§ Records supplied:
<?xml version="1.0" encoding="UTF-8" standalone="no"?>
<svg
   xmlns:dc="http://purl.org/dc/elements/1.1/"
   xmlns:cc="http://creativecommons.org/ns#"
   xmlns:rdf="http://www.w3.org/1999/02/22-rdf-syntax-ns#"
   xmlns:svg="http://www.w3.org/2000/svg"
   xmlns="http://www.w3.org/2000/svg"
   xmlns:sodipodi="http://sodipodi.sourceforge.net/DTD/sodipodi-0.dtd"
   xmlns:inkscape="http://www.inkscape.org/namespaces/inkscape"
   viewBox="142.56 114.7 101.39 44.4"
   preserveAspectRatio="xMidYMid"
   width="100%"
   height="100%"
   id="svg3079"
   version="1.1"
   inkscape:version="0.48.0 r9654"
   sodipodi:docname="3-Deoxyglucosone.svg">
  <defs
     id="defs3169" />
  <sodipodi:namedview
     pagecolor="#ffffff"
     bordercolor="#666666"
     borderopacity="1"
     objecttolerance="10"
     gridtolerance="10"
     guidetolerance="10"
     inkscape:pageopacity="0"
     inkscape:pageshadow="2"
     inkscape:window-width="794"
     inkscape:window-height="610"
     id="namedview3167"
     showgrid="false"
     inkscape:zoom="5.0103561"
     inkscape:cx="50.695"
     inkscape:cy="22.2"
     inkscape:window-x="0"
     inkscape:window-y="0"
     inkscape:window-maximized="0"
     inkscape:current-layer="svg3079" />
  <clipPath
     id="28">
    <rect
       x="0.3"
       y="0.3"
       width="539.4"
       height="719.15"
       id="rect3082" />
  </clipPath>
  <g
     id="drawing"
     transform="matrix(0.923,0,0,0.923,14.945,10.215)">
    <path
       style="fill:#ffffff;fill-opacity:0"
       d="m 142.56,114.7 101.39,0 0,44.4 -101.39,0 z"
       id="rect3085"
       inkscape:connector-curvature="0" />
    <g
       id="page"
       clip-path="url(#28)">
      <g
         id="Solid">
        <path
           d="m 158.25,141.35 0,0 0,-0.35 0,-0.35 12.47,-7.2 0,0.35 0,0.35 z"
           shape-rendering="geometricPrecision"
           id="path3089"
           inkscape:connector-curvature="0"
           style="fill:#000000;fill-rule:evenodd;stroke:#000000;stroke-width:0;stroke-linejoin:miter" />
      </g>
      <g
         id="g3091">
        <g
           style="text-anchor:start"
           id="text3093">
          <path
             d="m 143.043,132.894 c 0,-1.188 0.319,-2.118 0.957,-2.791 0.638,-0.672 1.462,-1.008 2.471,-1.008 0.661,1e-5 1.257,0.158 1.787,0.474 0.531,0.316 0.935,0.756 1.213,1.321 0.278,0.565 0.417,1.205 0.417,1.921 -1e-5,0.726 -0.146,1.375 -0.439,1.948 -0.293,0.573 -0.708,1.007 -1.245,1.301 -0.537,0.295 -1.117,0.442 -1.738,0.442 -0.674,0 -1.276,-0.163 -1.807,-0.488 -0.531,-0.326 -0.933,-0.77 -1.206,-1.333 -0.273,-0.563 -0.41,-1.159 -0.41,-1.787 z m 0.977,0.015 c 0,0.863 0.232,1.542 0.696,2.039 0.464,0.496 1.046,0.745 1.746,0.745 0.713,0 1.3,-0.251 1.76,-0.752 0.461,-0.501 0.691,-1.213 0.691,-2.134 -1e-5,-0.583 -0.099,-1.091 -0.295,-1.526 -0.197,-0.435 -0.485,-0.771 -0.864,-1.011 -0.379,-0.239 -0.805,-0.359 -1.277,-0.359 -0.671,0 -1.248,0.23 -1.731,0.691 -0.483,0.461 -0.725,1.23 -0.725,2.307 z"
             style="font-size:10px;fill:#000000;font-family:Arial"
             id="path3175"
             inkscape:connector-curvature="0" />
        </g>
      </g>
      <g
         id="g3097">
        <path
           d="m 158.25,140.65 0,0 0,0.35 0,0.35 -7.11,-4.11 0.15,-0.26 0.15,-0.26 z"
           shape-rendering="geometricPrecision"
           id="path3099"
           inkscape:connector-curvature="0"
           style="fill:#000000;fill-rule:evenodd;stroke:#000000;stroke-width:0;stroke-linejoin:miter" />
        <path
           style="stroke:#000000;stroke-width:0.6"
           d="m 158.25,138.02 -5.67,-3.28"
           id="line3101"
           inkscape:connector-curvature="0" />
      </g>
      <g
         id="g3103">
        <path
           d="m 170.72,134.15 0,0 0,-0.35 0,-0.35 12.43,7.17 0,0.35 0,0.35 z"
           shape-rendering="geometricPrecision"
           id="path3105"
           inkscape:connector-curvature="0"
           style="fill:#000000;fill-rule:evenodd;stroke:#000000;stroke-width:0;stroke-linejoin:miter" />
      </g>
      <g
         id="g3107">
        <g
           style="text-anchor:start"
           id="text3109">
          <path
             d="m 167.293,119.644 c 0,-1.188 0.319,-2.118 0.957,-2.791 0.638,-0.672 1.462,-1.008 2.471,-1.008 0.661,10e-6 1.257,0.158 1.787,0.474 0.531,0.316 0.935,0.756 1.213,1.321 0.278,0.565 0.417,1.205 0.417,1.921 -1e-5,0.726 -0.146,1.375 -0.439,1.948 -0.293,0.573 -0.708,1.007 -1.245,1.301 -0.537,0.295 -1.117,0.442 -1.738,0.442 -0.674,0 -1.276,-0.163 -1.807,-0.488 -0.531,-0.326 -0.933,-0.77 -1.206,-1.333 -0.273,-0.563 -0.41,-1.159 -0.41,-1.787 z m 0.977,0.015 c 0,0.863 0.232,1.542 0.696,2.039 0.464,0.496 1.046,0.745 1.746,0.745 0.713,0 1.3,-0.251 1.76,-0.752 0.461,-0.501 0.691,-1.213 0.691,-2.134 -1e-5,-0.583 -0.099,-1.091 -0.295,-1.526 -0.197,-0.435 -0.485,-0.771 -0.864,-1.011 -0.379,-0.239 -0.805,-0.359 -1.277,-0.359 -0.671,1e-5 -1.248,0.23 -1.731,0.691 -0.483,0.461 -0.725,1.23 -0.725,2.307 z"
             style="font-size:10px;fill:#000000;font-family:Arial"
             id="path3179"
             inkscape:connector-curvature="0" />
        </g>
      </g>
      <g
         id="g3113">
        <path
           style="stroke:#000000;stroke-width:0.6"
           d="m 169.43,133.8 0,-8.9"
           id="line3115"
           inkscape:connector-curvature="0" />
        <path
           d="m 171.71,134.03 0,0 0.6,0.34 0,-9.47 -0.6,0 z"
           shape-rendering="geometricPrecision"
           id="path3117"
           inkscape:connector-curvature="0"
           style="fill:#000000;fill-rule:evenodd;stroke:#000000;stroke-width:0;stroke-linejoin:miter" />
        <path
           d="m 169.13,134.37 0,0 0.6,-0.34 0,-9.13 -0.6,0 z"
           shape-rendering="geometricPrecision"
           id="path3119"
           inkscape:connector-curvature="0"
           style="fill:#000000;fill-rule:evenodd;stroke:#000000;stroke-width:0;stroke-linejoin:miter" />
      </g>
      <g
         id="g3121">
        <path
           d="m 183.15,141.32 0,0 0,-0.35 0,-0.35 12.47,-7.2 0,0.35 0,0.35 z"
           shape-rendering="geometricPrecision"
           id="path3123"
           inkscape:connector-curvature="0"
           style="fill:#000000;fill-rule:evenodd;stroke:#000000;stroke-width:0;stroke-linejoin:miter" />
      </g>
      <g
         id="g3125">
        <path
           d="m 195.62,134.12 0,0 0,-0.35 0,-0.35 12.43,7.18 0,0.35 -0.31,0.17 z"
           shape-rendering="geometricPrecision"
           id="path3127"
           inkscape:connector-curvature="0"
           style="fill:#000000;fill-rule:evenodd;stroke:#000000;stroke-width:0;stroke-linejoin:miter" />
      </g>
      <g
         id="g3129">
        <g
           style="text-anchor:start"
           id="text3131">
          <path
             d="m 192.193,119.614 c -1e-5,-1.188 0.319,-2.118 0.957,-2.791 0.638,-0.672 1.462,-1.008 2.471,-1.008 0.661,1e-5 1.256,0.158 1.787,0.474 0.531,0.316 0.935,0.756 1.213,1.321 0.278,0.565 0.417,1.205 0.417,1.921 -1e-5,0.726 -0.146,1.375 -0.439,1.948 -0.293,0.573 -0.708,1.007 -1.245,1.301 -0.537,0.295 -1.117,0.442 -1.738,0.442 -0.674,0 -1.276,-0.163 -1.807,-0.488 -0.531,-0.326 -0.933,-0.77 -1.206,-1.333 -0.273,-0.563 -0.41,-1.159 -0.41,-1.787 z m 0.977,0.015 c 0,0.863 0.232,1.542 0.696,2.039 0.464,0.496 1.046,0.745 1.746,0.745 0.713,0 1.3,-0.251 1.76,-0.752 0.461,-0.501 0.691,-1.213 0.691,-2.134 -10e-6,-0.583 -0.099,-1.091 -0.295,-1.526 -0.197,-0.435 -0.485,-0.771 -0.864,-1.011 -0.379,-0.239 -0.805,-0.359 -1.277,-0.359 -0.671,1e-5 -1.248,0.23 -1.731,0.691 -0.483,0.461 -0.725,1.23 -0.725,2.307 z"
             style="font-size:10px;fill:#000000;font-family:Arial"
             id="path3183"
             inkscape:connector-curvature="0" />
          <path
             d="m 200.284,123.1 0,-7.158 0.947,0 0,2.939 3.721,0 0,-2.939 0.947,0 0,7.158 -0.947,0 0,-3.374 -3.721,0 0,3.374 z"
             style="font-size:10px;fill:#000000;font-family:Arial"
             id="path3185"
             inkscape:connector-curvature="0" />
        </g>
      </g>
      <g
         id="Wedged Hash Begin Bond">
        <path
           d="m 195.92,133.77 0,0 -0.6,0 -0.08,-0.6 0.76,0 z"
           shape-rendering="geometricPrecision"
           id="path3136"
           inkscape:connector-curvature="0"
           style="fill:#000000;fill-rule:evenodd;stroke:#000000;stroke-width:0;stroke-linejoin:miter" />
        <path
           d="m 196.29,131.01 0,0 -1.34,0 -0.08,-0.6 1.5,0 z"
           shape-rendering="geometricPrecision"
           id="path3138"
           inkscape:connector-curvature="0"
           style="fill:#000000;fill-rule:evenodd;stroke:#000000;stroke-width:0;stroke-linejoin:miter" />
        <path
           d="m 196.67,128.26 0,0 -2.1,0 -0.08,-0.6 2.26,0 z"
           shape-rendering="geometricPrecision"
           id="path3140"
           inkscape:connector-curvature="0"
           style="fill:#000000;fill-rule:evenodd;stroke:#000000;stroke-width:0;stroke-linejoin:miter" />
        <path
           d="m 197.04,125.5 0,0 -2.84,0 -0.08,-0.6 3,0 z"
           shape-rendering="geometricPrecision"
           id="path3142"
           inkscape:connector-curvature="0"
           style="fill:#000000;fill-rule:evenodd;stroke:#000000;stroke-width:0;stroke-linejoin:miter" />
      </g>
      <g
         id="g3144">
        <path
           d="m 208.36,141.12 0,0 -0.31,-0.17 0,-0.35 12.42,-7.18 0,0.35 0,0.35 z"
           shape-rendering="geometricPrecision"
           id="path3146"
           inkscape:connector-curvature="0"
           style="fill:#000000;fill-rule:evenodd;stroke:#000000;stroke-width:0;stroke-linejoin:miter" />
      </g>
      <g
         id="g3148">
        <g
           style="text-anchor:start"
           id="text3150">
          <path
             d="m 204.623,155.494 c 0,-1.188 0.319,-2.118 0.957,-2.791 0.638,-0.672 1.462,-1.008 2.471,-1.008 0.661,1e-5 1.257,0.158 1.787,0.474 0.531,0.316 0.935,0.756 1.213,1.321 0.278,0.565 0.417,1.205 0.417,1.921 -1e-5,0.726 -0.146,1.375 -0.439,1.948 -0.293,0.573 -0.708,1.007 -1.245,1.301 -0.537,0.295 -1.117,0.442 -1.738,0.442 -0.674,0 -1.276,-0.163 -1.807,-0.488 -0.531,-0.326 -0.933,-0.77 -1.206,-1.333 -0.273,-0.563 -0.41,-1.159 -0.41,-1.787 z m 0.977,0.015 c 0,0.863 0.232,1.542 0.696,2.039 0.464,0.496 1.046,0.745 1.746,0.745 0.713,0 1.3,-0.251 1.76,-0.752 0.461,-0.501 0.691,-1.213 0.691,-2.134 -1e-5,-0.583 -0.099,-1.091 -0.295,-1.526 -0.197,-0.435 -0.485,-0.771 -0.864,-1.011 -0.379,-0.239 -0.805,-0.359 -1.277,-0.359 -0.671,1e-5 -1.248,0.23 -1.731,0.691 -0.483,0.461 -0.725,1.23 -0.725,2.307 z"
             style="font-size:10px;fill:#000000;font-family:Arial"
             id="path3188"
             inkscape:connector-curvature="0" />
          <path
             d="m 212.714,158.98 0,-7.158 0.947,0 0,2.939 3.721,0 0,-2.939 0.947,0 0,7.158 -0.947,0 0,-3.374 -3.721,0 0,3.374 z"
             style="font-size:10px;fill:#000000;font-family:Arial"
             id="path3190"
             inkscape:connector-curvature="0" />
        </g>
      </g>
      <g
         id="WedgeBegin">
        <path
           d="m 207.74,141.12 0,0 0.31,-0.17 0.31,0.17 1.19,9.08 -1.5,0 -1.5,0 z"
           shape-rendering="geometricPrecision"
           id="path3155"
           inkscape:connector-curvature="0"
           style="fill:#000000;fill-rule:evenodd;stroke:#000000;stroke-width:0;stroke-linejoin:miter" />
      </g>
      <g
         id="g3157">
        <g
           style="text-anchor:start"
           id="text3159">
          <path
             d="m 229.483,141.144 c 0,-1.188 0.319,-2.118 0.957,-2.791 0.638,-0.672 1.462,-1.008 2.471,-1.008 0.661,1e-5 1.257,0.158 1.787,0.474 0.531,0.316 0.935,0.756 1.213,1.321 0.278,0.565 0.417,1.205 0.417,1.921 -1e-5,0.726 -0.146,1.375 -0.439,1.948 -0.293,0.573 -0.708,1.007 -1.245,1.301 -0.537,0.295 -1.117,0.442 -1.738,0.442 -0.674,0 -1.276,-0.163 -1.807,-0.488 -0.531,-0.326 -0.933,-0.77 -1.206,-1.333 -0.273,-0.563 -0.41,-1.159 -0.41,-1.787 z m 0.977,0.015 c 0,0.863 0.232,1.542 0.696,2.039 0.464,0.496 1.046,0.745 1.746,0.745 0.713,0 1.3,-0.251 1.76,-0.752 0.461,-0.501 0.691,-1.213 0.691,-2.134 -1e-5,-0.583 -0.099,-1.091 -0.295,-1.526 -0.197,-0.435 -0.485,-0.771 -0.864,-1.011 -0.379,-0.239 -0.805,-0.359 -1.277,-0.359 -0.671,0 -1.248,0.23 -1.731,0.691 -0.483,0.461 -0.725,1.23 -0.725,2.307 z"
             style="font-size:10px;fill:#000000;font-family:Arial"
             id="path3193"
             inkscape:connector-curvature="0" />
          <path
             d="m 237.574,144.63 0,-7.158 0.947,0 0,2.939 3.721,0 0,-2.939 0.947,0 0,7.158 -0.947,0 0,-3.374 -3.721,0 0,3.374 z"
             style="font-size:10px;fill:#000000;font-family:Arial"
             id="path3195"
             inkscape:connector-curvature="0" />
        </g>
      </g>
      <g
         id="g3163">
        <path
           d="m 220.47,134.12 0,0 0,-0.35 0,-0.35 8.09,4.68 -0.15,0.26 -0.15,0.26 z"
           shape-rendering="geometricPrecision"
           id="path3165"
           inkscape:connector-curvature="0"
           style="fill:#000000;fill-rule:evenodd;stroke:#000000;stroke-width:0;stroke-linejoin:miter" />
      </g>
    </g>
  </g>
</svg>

§ Instructions to follow: Could you show every line of the material that includes the string "ffffff"?

§ Answer to this task:
     pagecolor="#ffffff"
       style="fill:#ffffff;fill-opacity:0"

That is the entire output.